In part II I will compare a couple of old recipes, convert them to modern units and post the recipe I'm going to use. Part III will involve using the barm to make bread using the quarter-sponge method which was apparently the contemporary method most used.

Last bottle of KK

I drank the last bottle of KK the other night. This was brewed at the end of November so it's had three months maturation in the bottle. It was pretty harsh tasting back then as I used about four times the recommended amount of gypsum in it trying to achieve that nice sulphurous Burton taste. Now it's smoothed down quite a bit and is pleasantly bitter. As it's now all gone, I need to make some more. I will use a tad less gypsum, but not ver much.

Saturday 14 March 2009

Smokebeer tasting

My Smokebeer was a bit of a disaster, as previously posted. I spilt some and as it was only a small experimental batch in the first place, I only got three bottles out of it. It also turned out that I'd primed the bottles with too much sugar, so the first one I opened foamed and gushed all over the place. That was pretty horrible, as I'm not too keen on highly carbonated beer anyway (I think this is my main problem with many Trappist beers). On tasting that bottle, it seemed very harsh.

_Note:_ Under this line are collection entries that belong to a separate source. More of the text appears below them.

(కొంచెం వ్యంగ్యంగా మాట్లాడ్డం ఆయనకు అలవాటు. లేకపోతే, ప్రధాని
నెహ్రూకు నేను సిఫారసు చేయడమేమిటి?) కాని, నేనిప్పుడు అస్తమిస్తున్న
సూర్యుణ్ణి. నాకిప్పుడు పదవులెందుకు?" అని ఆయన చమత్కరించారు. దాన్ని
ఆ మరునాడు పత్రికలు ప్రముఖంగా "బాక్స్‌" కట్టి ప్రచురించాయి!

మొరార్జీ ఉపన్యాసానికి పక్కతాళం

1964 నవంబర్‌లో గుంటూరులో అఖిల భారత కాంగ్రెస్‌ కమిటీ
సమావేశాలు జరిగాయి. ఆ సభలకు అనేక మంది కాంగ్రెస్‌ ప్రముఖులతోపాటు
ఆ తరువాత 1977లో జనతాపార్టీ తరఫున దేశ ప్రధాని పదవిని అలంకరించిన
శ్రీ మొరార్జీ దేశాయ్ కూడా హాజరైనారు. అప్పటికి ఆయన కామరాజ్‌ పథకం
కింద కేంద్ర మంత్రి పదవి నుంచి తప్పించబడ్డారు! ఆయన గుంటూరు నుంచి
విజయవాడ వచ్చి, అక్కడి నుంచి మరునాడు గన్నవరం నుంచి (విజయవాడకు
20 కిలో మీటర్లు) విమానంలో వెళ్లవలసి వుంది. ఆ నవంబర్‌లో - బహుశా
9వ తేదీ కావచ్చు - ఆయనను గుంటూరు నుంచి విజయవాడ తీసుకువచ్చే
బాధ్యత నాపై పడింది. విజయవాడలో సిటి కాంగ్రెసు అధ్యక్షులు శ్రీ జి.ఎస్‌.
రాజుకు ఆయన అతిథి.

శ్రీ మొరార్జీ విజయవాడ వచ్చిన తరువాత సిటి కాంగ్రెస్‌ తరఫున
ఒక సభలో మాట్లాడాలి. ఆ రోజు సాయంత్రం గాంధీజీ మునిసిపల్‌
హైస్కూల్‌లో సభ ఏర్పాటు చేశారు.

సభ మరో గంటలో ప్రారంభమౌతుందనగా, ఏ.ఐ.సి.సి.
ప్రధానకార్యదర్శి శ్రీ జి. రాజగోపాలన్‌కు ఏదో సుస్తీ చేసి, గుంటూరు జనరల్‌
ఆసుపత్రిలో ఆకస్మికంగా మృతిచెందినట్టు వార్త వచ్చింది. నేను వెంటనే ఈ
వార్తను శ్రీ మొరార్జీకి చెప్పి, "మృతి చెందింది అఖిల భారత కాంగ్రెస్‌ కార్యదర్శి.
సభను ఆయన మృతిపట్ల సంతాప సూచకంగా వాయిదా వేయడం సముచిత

I took the remaining bottles and loosened the crown caps carefully to let the excess CO2 out, ending up with a puddle of beer on the counter and bottles two-thirds full of beer when they'd finished foaming. I sealed the caps again and put them in the fridge, and when I opened one this morning it still had good carbonation despite releasing all that gas and having a night in the fridge.

What is it like? Well, it's pretty nice (if you like smoked beer). It's pretty yeasty, but I'm not too concerned about that in an experimental beer. It's also very pale; I imagined, thinking of the dark Bamberger Rauchbier, that a 100% smoked malt beer would be darker. Either they're using different smoked malt, or adding a few percent of Munich for colour. It has a fresh aroma which makes me think of the toilets at Schlenkerla! This is not as bad as it sounds. Possibly it's a tad on the bitter side, so I might ease off on the hops next time.

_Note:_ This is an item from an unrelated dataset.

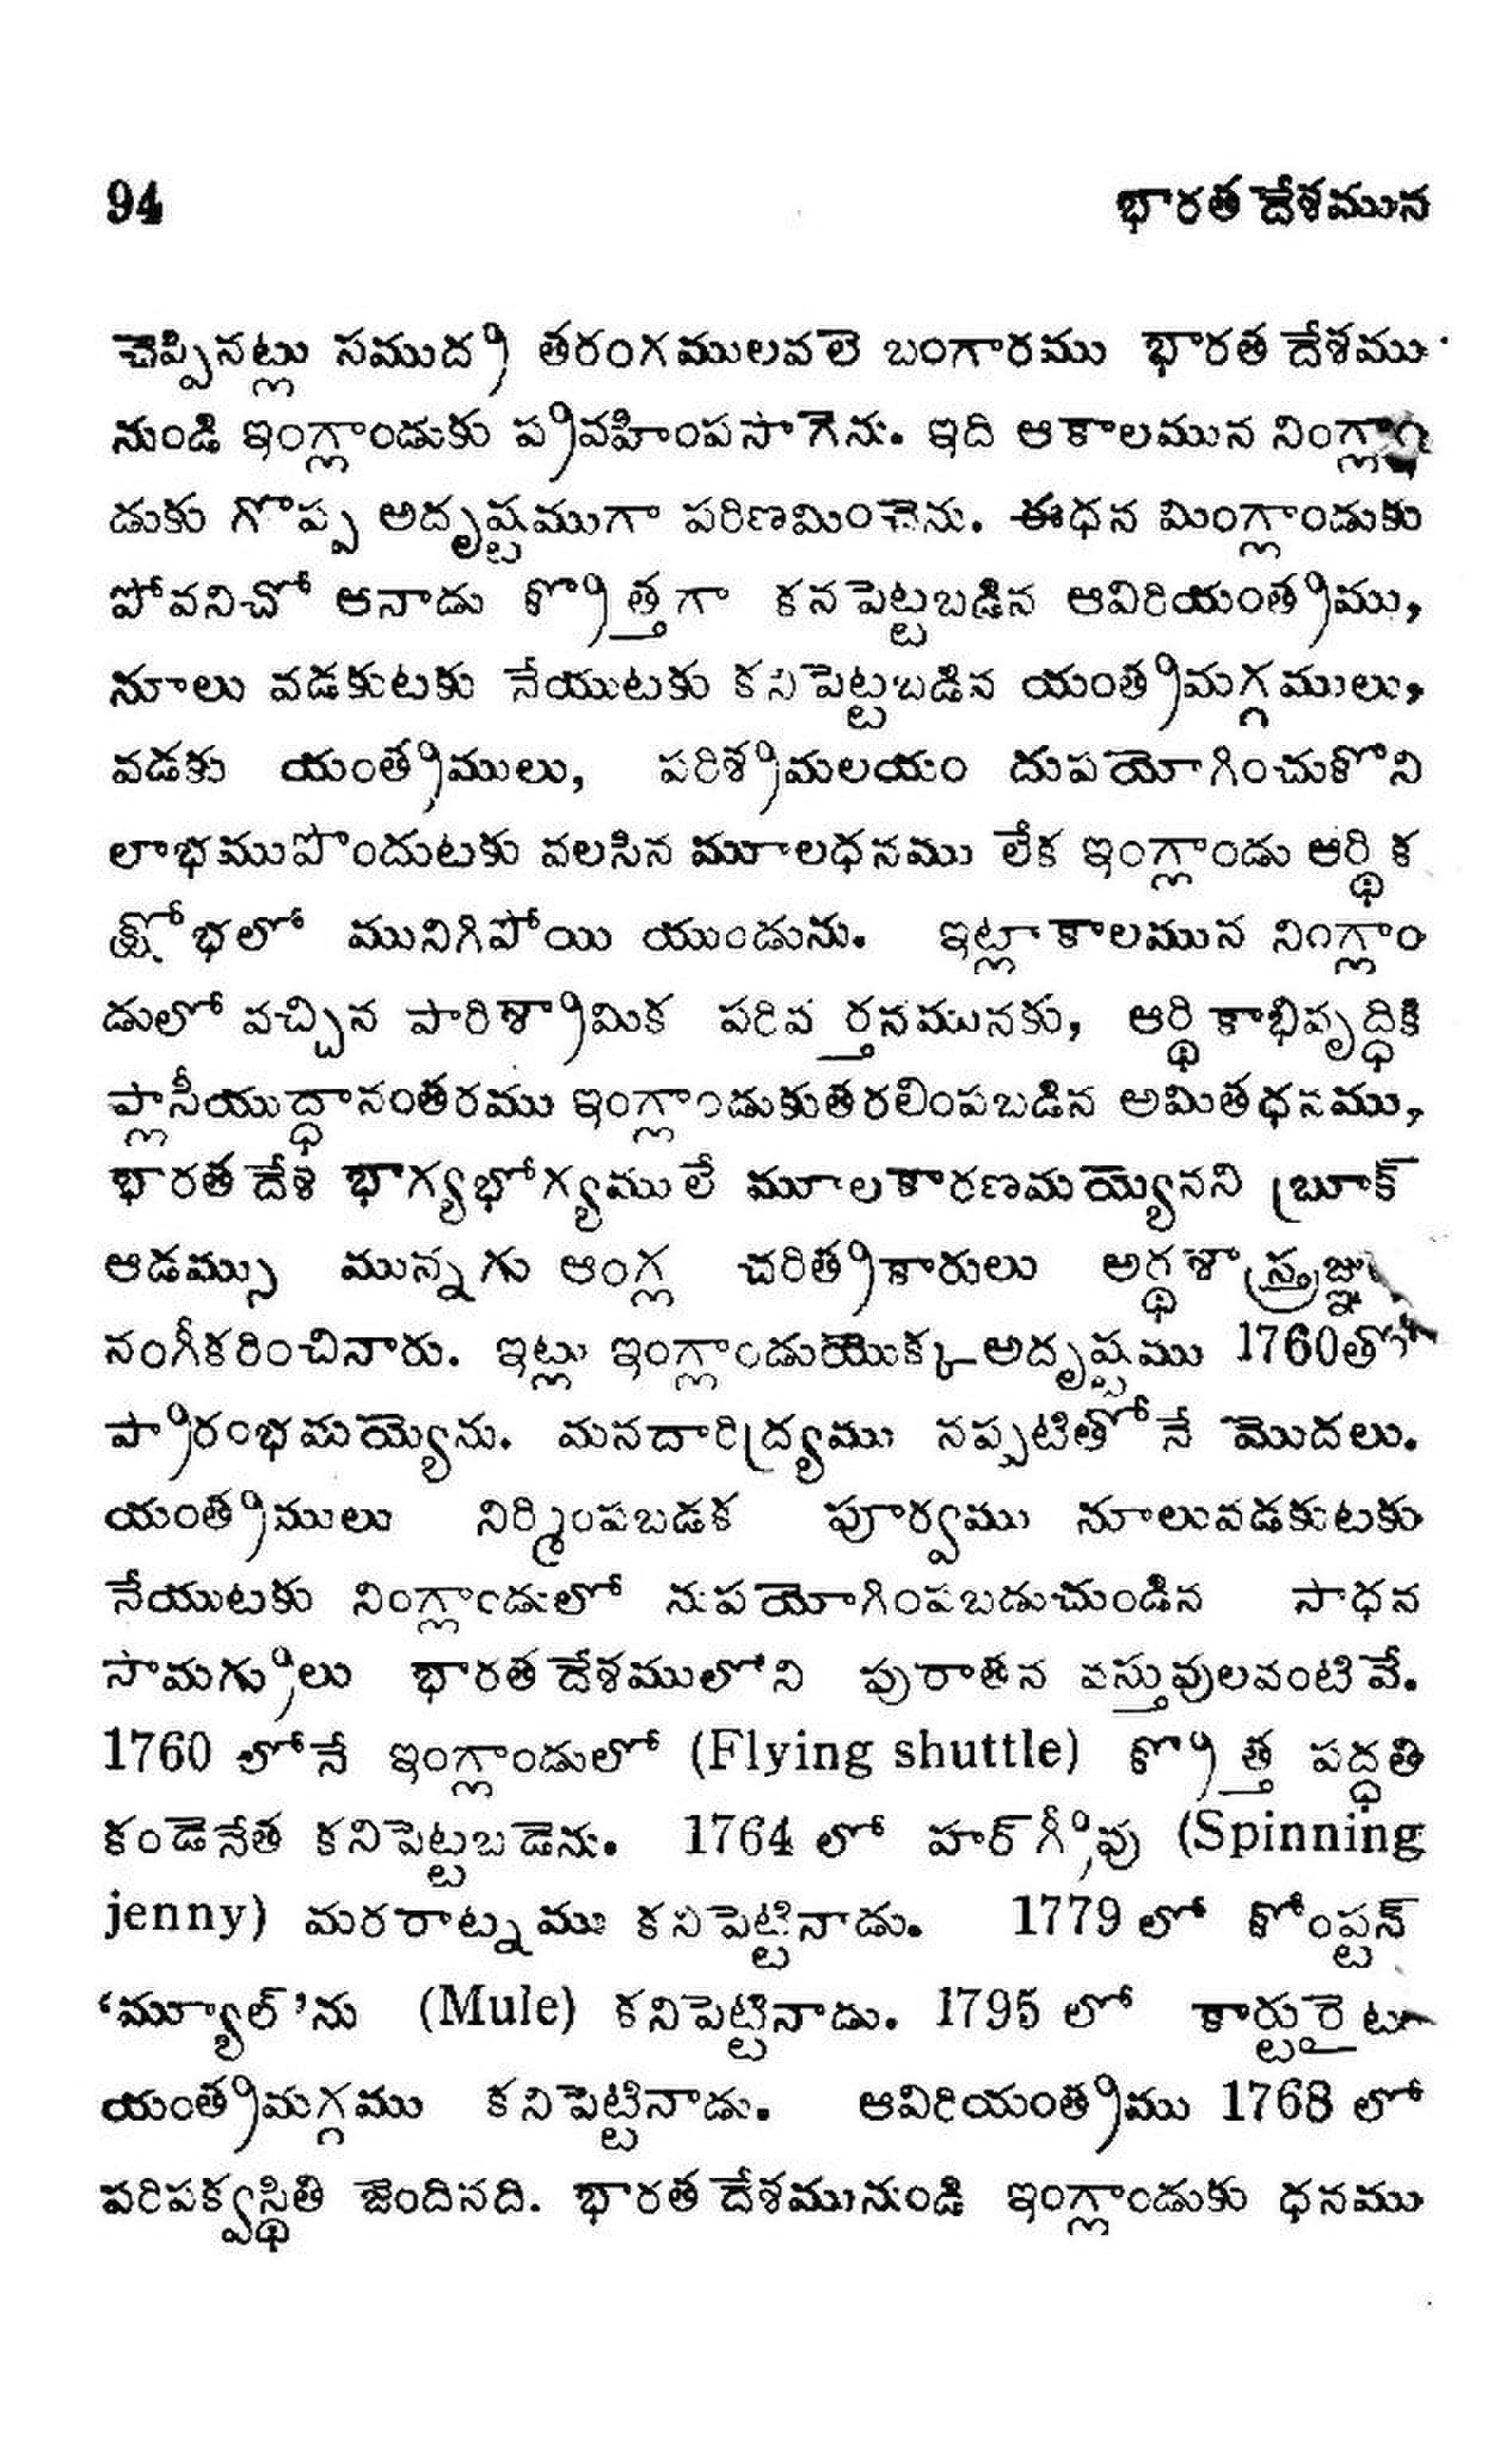చెప్పినట్లు సముద్ర తరంగములవలె బంగారము భారతదేశమునుండి ఇంగ్లాండుకు ప్రవహింపసాగెను. ఇది ఆకాలమున నింగ్లాండుకు గొప్ప అదృష్టముగా పరిణమించెను. ఈధన మింగ్లాండుకు పోవనిచో ఆనాడు క్రొత్తగా కనపెట్టబడిన ఆవిరియంత్రము, నూలు వడకుటకు నేయుటకు కనిపెట్టబడిన యంత్రమగ్గములు, వడకు యంత్రములు, పరిశ్రమలయం దుపయోగించుకొని లాభముపొందుటకు వలసిన మూలధనము లేక ఇంగ్లాండు ఆర్థిక క్షోభలో మునిగిపోయి యుండును. ఇట్లాకాలమున నింగ్లాండులో వచ్చిన పారిశ్రామిక పరివర్తనమునకు, ఆర్థికాభివృద్ధికి ప్లాసీయుద్ధానంతరము ఇంగ్లాండుకు తరలింపబడిన అమితధనము, భారతదేశ భాగ్యభోగ్యములే మూలకారణమయ్యెనని బ్రూక్ ఆడమ్సు మున్నగు ఆంగ్ల చరిత్రకారులు అర్థశాస్త్రజ్ఞులు నంగీకరించినారు. ఇట్లు ఇంగ్లాండు యొక్క అదృష్టము 1760తో ప్రారంభమయ్యెను. మనదారిద్ర్యము నప్పటితోనే మొదలు. యంత్రములు నిర్మింపబడక పూర్వము నూలువడకుటకు నేయుటకు నింగ్లాండులో నుపయోగింపబడుచుండిన సాధనసామగ్రులు భారతదేశములోని పురాతన వస్తువులవంటివే. 1760 లోనే ఇంగ్లాండులో (Flying shuttle) క్రొత్త పద్దతి కండెనేత కనిపెట్టబడెను. 1764 లో హర్‌గ్రీవు (Spinning jenny) మరరాట్నము కనిపెట్టినాడు. 1779 లో కోంప్టన్ 'మ్యూల్'ను (Mule) కని పెట్టినాడు. 1795 లో కార్టురైటు యంత్రమగ్గము కనిపెట్టినాడు. ఆవిరియంత్రము 1768 లో పరిపక్వస్థితి జెందినది. భారతదేశమునుండి ఇంగ్లాండుకు ధనము

So, drinkable first effort, and it's not like I'm not going to brew smoked beer again, because I am. I'll have many attempts at it.

Thursday 12 March 2009

Fermenty things I haven't done yet

I have never made real ginger beer with a ginger beer plant.

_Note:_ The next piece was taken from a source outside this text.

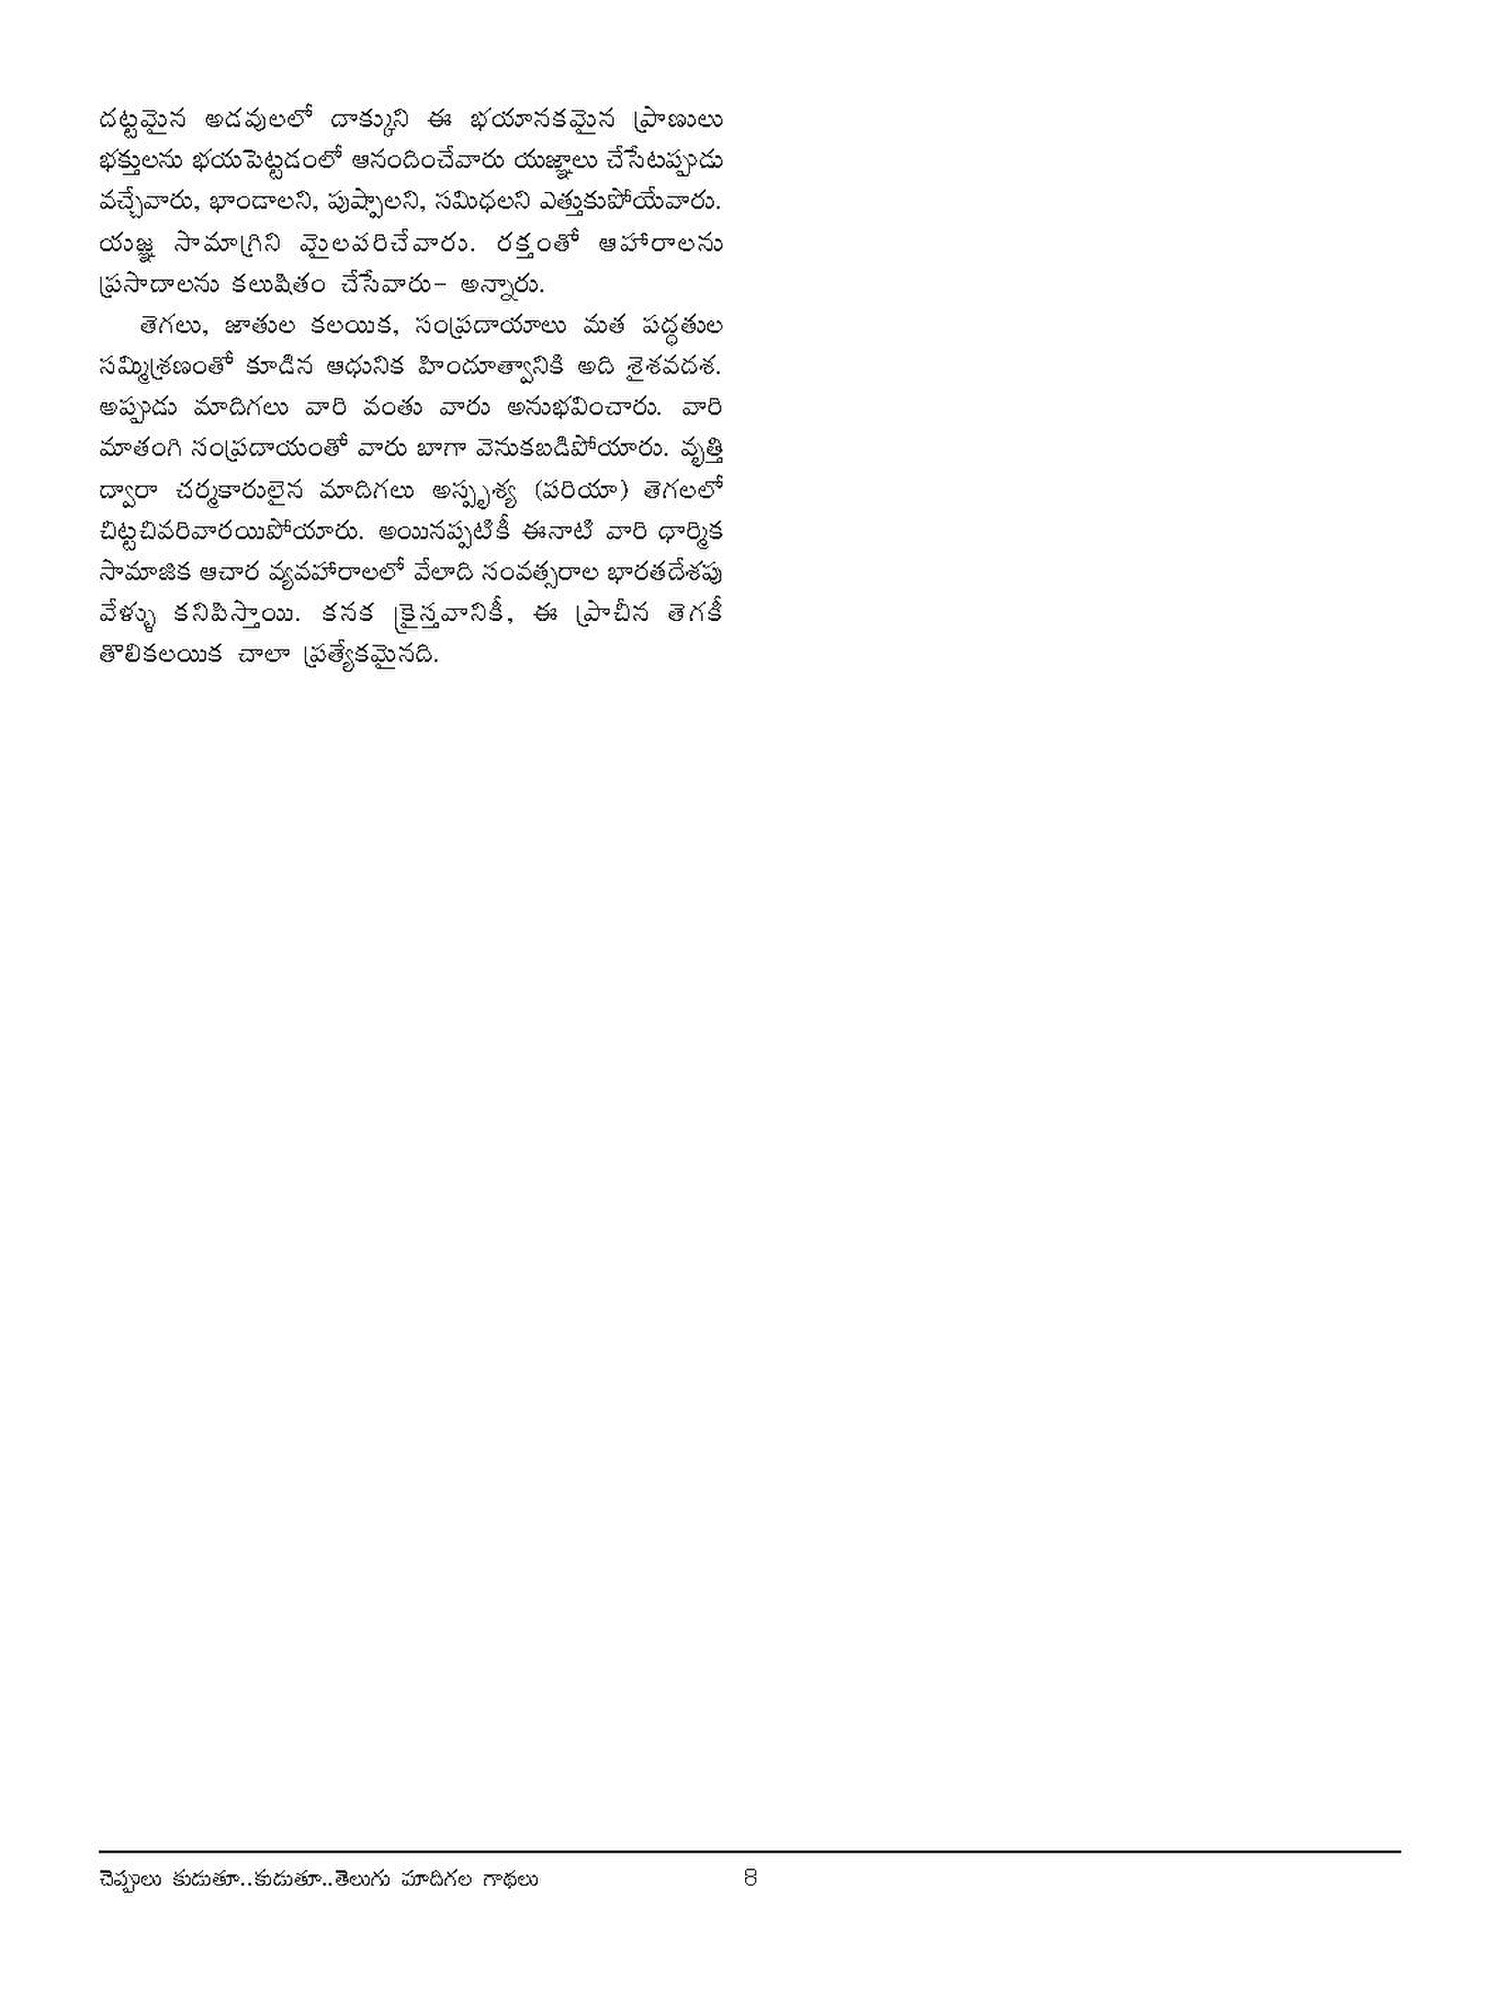దట్టమైన అడవులలో దాక్కుని ఈ భయానకమైన ప్రాణులు భక్తులను భయపెట్టడంలో ఆనందించేవారు యజ్ఞాలు చేసేటప్పుడు వచ్చేవారు, భాండాలని, పుష్పాలని, సమిధలని ఎత్తుకుపోయేవారు. యజ్ఞ సామాగ్రిని మైలపరిచేవారు. రక్తంతో ఆహారాలను ప్రసాదాలను కలుషితం చేసేవారు- అన్నారు.

తెగలు, జాతుల కలయిక, సంప్రదాయాలు మత పద్దతుల సమ్మిశ్రణంతో కూడిన ఆధునిక హిందూత్వానికి అది శైశవదశ. అప్పుడు మాదిగలు వారి వంతు వారు అనుభవించారు. వారి మాతంగి సంప్రదాయంతో వారు బాగా వెనుకబడిపోయారు. వృత్తి ద్వారా చర్మకారులైన మాదిగలు అస్పృశ్య (పరియా) తెగలలో చిట్టచివరివారయిపోయారు. అయినప్పటికీ ఈనాటి వారి ధార్మిక సామాజిక ఆచార వ్యవహారాలలో వేలాది సంవత్సరాల భారతదేశపు వేళ్ళు కనిపిస్తాయి. కనక క్రైస్తవానికీ, ఈ ప్రాచీన తెగకీ తొలికలయిక చాలా ప్రత్యేకమైనది.

I would also like to try making soy sauce, although a brief look suggests the process of making soy sauce is incredibly disgusting.

Jars

I need to buy some more jars to keep various cultures of grey-beige goop in. Having not just one, but several sourdough and yeast cultures in your fridge doesn't make you that sad, does it?

Beer yeast bread


Simple recipe for this quick bread I made last night.

250g wholemeal wheat flour
250g strong white wheat flour
10g salt
15g yeast gunge (saved from the bottom of the APA fermenting bucket)
330g water (66% hydration)
Some caraway seeds


Mix all the ingredients together and let rest for 15 minutes. Stretch and fold to a smooth dough on an oiled board. Return to bowl and let sit for another 15 minutes. Stretch and fold again and shape, and set aside to rise.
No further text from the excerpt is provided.